The Efficiency of Specialization

VibeThinker-3B, developed by Sina Weibo Inc, challenges the trend of scaling model size to improve reasoning. By focusing exclusively on verifiable tasks like mathematics, coding, and STEM, this 3-billion-parameter model matches the performance of models hundreds of times its size (such as DeepSeek V3.2 or Kimi K2.5) on benchmarks like AIME26. It is designed as a specialist tool; the authors recommend using larger general-purpose models for open-domain knowledge tasks.

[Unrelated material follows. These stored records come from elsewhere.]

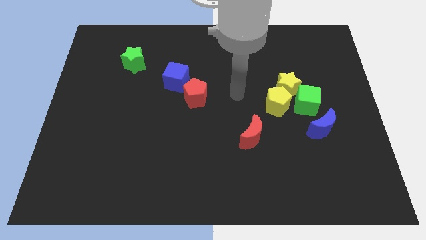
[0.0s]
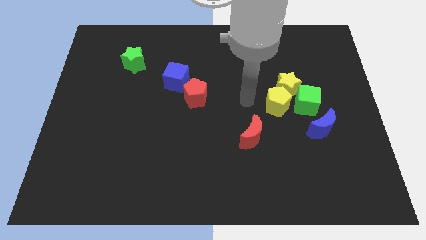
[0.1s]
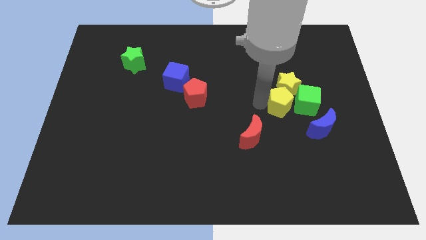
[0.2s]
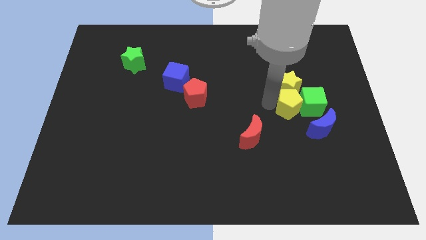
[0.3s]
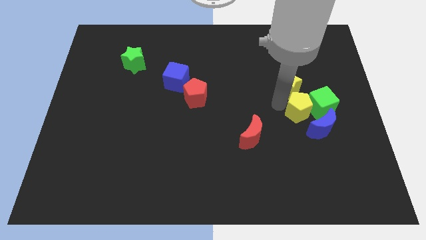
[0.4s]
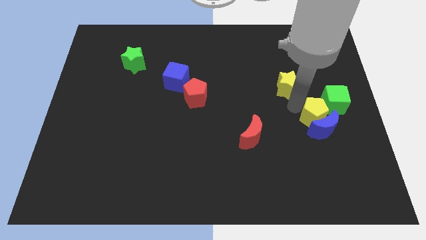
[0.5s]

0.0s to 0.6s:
move the yellow star away from the yellow pentagon and green cube

The Spectrum-to-Signal Pipeline

The model's performance is driven by a four-stage post-training pipeline built on the Qwen2.5-Coder-3B base:

  • Curriculum SFT: A two-stage supervised fine-tuning process that builds a broad 'spectrum' of reasoning paths, using diversity-exploring distillation to maintain multiple valid solution trajectories.
  • Multi-domain Reasoning RL: Uses MaxEnt-Guided Policy Optimization (MGPO) to train across math, code, and STEM. Notably, it abandons progressive context expansion in favor of a consistent 64K long-context window. A 'Long2Short' math stage further optimizes performance by rewarding shorter, correct reasoning chains to reduce token redundancy.
  • Self-Distillation & Instruct RL: Offline distillation merges RL checkpoints into a single student model, followed by instruction-tuning to ensure the model maintains controllability without sacrificing reasoning depth.

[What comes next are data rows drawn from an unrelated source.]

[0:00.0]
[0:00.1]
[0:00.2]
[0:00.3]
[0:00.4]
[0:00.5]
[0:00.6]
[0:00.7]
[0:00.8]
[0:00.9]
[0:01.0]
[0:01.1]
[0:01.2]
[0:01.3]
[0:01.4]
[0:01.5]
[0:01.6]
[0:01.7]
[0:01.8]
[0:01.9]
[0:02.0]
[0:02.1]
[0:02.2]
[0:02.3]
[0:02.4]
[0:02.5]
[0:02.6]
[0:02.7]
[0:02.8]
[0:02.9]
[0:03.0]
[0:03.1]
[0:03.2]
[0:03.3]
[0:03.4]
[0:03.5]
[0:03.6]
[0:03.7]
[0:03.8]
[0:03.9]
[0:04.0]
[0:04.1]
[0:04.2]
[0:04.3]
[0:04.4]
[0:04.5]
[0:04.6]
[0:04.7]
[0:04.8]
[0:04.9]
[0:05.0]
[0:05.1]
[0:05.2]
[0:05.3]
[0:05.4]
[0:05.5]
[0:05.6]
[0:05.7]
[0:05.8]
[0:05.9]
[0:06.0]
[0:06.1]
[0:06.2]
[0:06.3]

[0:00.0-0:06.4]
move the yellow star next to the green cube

Test-Time Scaling with CLR

To further boost performance without increasing parameter count, the researchers implemented Claim-Level Reliability Assessment (CLR). This test-time scaling method involves:

  1. Generating 32 trajectories per problem.
  2. Extracting decision-relevant claims from each.
  3. Using the model as its own verifier to assign binary verdicts to each claim.
  4. Weighting the final answer based on the reliability of the claims within the reasoning path. This method significantly lifts scores on benchmarks like AIME26 (from 94.3 to 97.1).